Allah’a hamd, Resûl’üne salât ve selam olsun.
Aziz Kardeşim,
Başlığı okuduğunda zihninde “Neden Değişmeliyiz?” sorusu belirmiştir mutlaka. Sormuş olduğun bu doğru soruya birlikte cevap vermeye çalışalım.
Neden Değişmeliyiz?
Çünkü İslam, insanı terbiye ederek, arındırarak değiştiren bir dindir. Resûller ve nebiler bunun için kavimlere gönderilmişlerdir. Rabblerinden gelen ayetlerle toplumu arındırma, yani değiştirme mücadelesi vermişlerdir.
“Andolsun ki Allah müminlerin içinde, kendilerinden olan bir Resûl göndermekle onlara iyilikte bulunmuştur. Onlara O’nun ayetlerini okur, onları arındırır ve onlara Kitab’ı ve hikmeti öğretir. Hiç şüphesiz, (Resûl gelmeden) önce apaçık bir sapıklık içindeydiler.”[1]
Ayetten de anlaşıldığı üzere resûllere tabi olacak ve onların yolunda ilerleyecek olan kişiler ayetlerle nefsini arındıran, Kitap’la cehaletini gideren, hikmetle yaşayabilen, yani değişebilen kişilerdir. Değişime kapalı olan, bildiğini okuyan, atadan gördüğünü devam ettiren, nefsî hassasiyetlerini ihlas olarak gören kişilerin nebilerin yoluna uyması çok zordur.
Çünkü meşhur bir sözde de ifade edildiği gibi dün ile bugünü aynı olan helak olmuştur. Dünümüz ve yarınımız aynı olmamalıdır. Bu da gelişimi ve değişimi gerektirir. Gelişmeyen değişemez, değişmeyen gelişemez. Bu hayat kuralıdır.

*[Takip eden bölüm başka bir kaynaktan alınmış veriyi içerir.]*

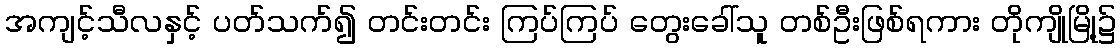
အကျင့်သီလနှင့် ပတ်သက်၍ တင်းတင်း ကြပ်ကြပ် တွေးခေါ်သူ တစ်ဦးဖြစ်ရကား တိုကျိုမြို့၌
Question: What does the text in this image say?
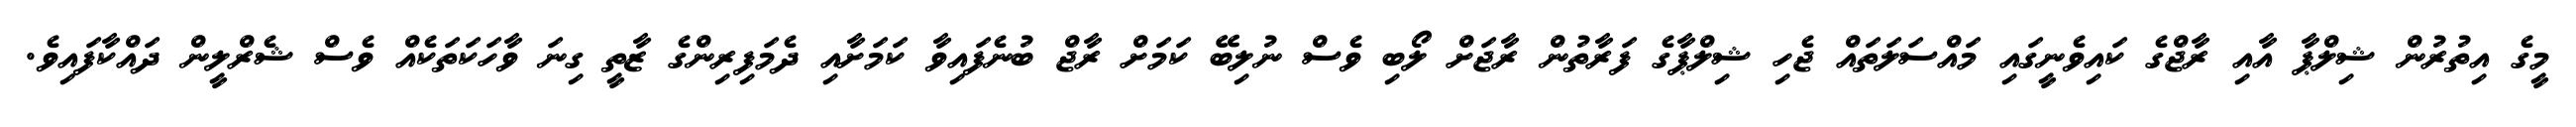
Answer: މީގެ އިތުރުން ޝިލްޕާ އާއި ރާޖްގެ ކައިވެނީގައި މައްސަލަތައް ޖެހި ޝިލްޕާގެ ފަރާތުން ރާޖަށް ލޯބި ވެސް ނުލިބޭ ކަމަށް ރާޖް ބުނެފައިވާ ކަމަށާއި ދެމަފިރިންގެ ޒާތީ ގިނަ ވާހަކަތަކެއް ވެސް ޝެރްލީން ދައްކާފައިވެ.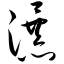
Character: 瀑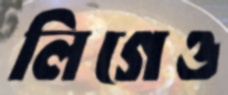
লিগেও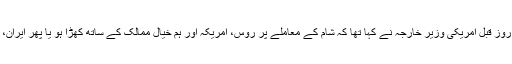
واضح رہے کہ اس ملاقات سے ایک روز قبل امریکی وزیر خارجہ نے کہا تھا کہ شام کے معاملے پر روس، امریکہ اور ہم خیال ممالک کے ساتھ کھڑا ہو یا پھر ایران، حزب اللہ اور بشار الاسد کا ساتھ دے۔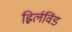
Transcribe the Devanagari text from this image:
ह्विर्लविंड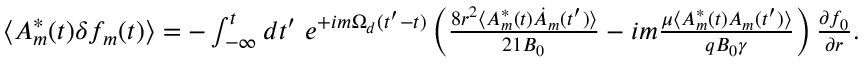
\begin{array} { r } { \langle A _ { m } ^ { * } ( t ) \delta f _ { m } ( t ) \rangle = - \int _ { - \infty } ^ { t } d t ^ { \prime } \ e ^ { + i m \Omega _ { d } ( t ^ { \prime } - t ) } \left( \frac { 8 r ^ { 2 } \langle A _ { m } ^ { * } ( t ) \dot { A } _ { m } ( t ^ { \prime } ) \rangle } { 2 1 B _ { 0 } } - i m \frac { \mu \langle A _ { m } ^ { * } ( t ) A _ { m } ( t ^ { \prime } ) \rangle } { q B _ { 0 } \gamma } \right) \frac { \partial f _ { 0 } } { \partial r } . } \end{array}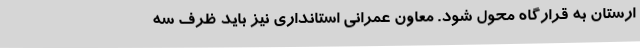
ارستان به قرارگاه محول شود. معاون عمرانی استانداری نیز باید ظرف سه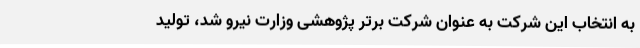
به انتخاب این شرکت به عنوان شرکت برتر پژوهشی وزارت نیرو شد، تولید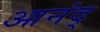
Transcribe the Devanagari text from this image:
आनंद्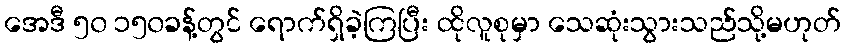
အေဒီ ၅၀ ၁၅၀ခန့်တွင် ရောက်ရှိခဲ့ကြပြီး ထိုလူစုမှာ သေဆုံးသွားသည်သို့မဟုတ်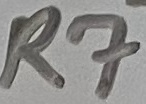
Text: R7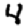
Digit: 4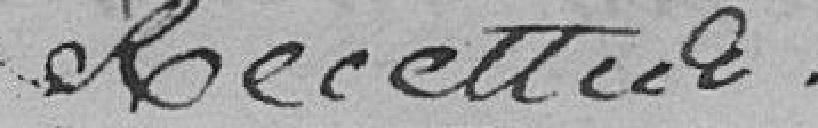
Recettes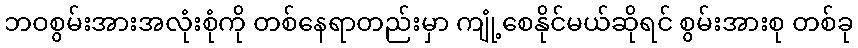
ဘဝစွမ်းအားအလုံးစုံကို တစ်နေရာတည်းမှာ ကျုံ့စေနိုင်မယ်ဆိုရင် စွမ်းအားစု တစ်ခု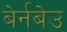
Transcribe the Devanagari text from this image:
बेर्नबेउ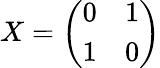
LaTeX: X=\left(\begin{array}{ll}{0}&{1}\\ {1}&{0}\end{array}\right)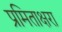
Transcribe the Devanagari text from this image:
प्रमिताक्षरा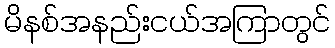
မိနစ်အနည်းငယ်အကြာတွင်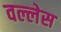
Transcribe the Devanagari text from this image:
वल्लेस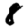
Digit: 8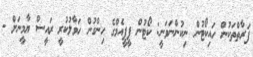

Örneğin bizler anne ve baba olarak gelişmek zorundayız. Çünkü üzerimizde taşıdığımız bir aile sorumluluğu vardır. Atadan gördüğümüz; mahallemizdeki Ayşe teyzeden ya da köydeki Mehmet ağadan duyduklarımızla aile sorumluluğu yürümüyor. Zorunlu olarak gelişmeliyiz. Buna binaen değişmeliyiz. Bu iki durum hasıl olursa aile ortamımız daha güzel olacaktır.
Davetçi kardeşimizin penceresinden bakalım. Dünyanın hızlı değişimiyle insanların ilgi odağı da her yönüyle değişiyor. Kardeşimizin de bu değişimin içerisinde davet için kullandığı üslubunu ve materyallerini vakıaya uygun olarak değiştirmesi gerekir. Ki davetini anlaşılır bir şekilde insanlara ulaştırmış olsun.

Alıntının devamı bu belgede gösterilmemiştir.